Geothermal Projects in Iceland (Projets géothermiques en Islande), par Ólafur G. Flóvenz

The Iceland Deep Drilling Project (Le projet islandais de forages profonds) par Gudmundur Ómar Fridleifsson

CO2 Sequestration from Geothermal Energy Production (la séquestration de CO2 et l'énergie géothermique) par Mme Hólmfrídur Sigurdardóttir

Geothermal Potential in Europe par Lárus Elíasson

Geothermal Policy in Europe: Past Successes and Future Developments (la politique de l'énergie géothermique en Europe : succès passés et développements à venir) par Ásgeir Margeirsson

 

* DOCUMENTATION SUR LA POLITIQUE ISLANDAISE DE DÉFENSE ET DE SÉCURITÉ

On peut télécharger sur le site en anglais du Ministère des Affaires étrangères (http://mfa.is) l'important exposé fait en  septembre 2007 par la Ministre des affaires étrangères, Ingibjörg Solrun Gisladottir, sur la politique nationale de défense et de sécurité, définie et mise en place par son pays depuis le départ de l'ile des troupes américaines en septembre 2006.

 

* LITTÉRATURE : DEUX ROMANS ISLANDAIS TRADUITS EN FRANÇAIS : UN POLAR ("BROUILLAGES") ET LA GRANDE ?UVRE DE OLAFUR GUNNARSSON ("CATHÉDRALE DES TROLLS")

 

Parus récemment :

Jon Hallur Stefansson : Brouillages
Traduction: Eric Boury
N° ISBN 978-2-84720-110-9
Prix: 21 EUR
Edition: Gaïa

Un architecte apparemment bien sous tous rapports est retrouvé inanimé au bord du lac de sa maison d'été. Qui lui a fracassé le crâne ? Sa femme ? Son fils? Sa jeune maîtresse? Son ancien associé, viré pour alcoolisme ? Ou ce mercenaire japonais qui disserte volontiers sur l'art de tuer, et qui trouve en l'Islande un décor idyllique pour mettre en scène ses meurtres?

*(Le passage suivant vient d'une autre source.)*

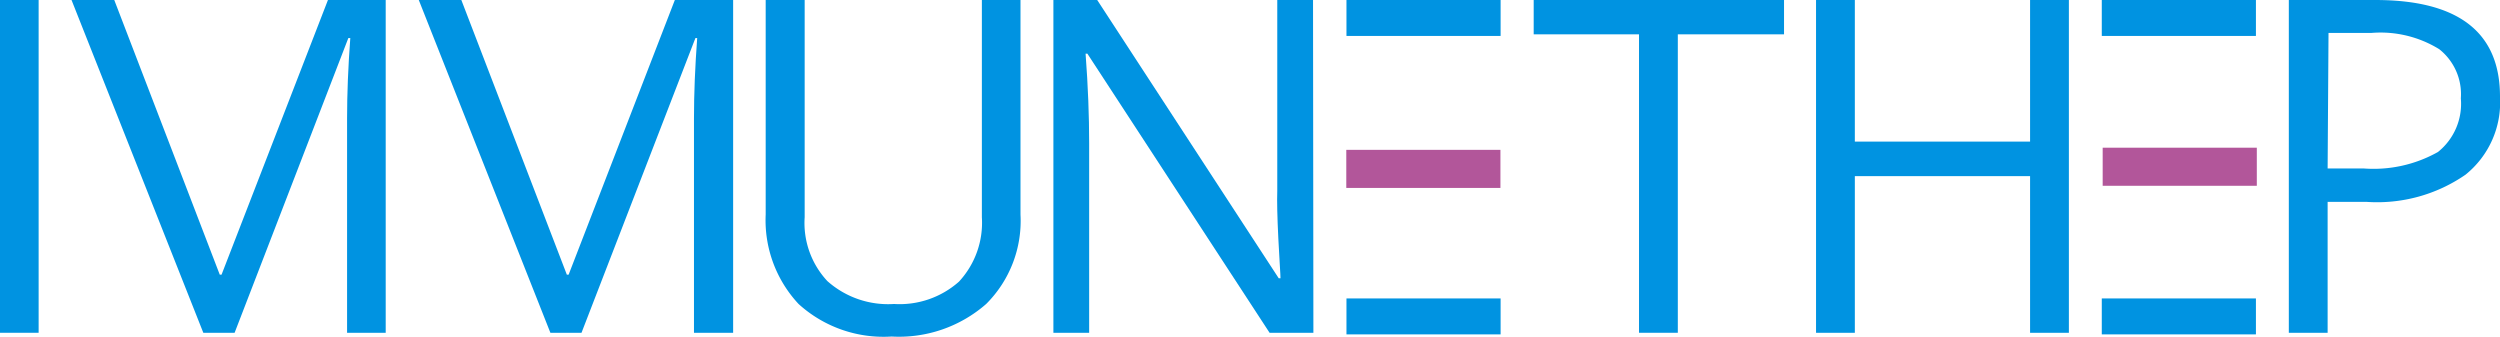 <svg xmlns="http://www.w3.org/2000/svg" viewBox="0 0 139.81 18.87"><defs><style>.cls-1{fill:#0093e1;}.cls-2{fill:#b2569a;}</style></defs><g id="Layer_2" data-name="Layer 2"><g id="Layer_1-2" data-name="Layer 1"><path class="cls-1" d="M0,18.61V0H2.16V18.61Z"/><path class="cls-1" d="M30.78,18.61,23.42,0H25.8l5.9,15.36h.1L37.74,0H41V18.61H38.81v-12c0-1.37.06-2.87.18-4.48h-.1L32.52,18.61Z"/><path class="cls-1" d="M57.07,0V12a6.56,6.56,0,0,1-1.92,5,7.4,7.4,0,0,1-5.29,1.82A7.06,7.06,0,0,1,44.66,17a6.86,6.86,0,0,1-1.84-5V0H45V12.15a4.76,4.76,0,0,0,1.27,3.57A5.11,5.11,0,0,0,50,17a5,5,0,0,0,3.63-1.25,4.84,4.84,0,0,0,1.28-3.6V0Z"/><path class="cls-1" d="M73.45,18.61H71L60.81,3h-.1c.14,1.84.2,3.52.2,5V18.61h-2V0h2.45L71.51,15.56h.1c0-.23-.06-1-.12-2.21s-.08-2.13-.06-2.67V0h2Z"/><path class="cls-1" d="M93.83,18.61H91.66V1.92H85.77V0h14V1.92H93.83Z"/><path class="cls-1" d="M115.7,18.61h-2.17V9.85h-9.8v8.76h-2.17V0h2.17V7.92h9.8V0h2.17Z"/><path class="cls-1" d="M139.81,5.42a5.19,5.19,0,0,1-1.93,4.35,8.68,8.68,0,0,1-5.52,1.52h-2.19v7.32H128V0h4.83Q139.82,0,139.81,5.42Zm-9.64,4h2a7.35,7.35,0,0,0,4.17-.92,3.45,3.45,0,0,0,1.28-3,3.2,3.2,0,0,0-1.21-2.75,6.25,6.25,0,0,0-3.77-.91h-2.42Z"/><rect class="cls-1" x="75.3" width="8.62" height="2.01"/><rect class="cls-1" x="75.3" y="16.69" width="8.62" height="2.01"/><path class="cls-1" d="M11.37,18.61,4,0H6.39l5.9,15.36h.1L18.34,0h3.23V18.61H19.41v-12c0-1.37.06-2.87.18-4.48h-.11L13.12,18.61Z"/><rect class="cls-1" x="117.54" width="8.62" height="2.01"/><rect class="cls-1" x="117.54" y="16.69" width="8.62" height="2.01"/><rect class="cls-2" x="75.29" y="8.38" width="8.62" height="2.13"/><rect class="cls-2" x="117.59" y="8.26" width="8.62" height="2.13"/></g></g></svg>

Jón Hallur Stefánsson est né en 1959. Il s’était fait remarquer en 2004 en obtenant le prix de l’Association des auteurs policiers d’Islande pour une nouvelle intitulée Enginn engill (Loin d’être un ange). Brouillages a connu un grand succès public en Islande, la critique l’ayant décrit comme l’héritier du maître maintenant incontesté qu’est Arnaldur Indridason.

 

Ólafur Gunnarsson : Cathédrale des trolls
Roman traduit de l'islandais par Henry Kiljan Albansson
N° ISBN 2-84720-100-0
Prix : 22 EUR
Edition: Gaïa

 «L’auteur nous emmène avec brio et puissance sur les chemins des âmes nues, avec en toile de fond un somptueux portrait de l’Islande de l’époque, toute jeune république au bord du Cercle Polaire qui semble si loin du monde. Dans le monde balbutiant d’après-guerre face aux embruns du progrès, les personnages sont tous touchants et attachants dans leurs rires et leurs blessures, et les images et les lieux défilent, aussi puissants que les bas-reliefs dans l’ombre de cathédrales imaginaires dignes de Gaudí.»

Ólafur Gunnarsson est l’un des grands romanciers islandais. Il est l’auteur d’une bonne douzaine de romans, dont la plupart sont traduits en anglais. Il est le lauréat du prestigieux Prix de littérature islandaise en 2004, avec Öxin og Jördn (La hache et la terre), dont un extrait a été publié dans Islande de glace et de feu, anthologie de littérature islandaise (Actes Sud Babel, 2004).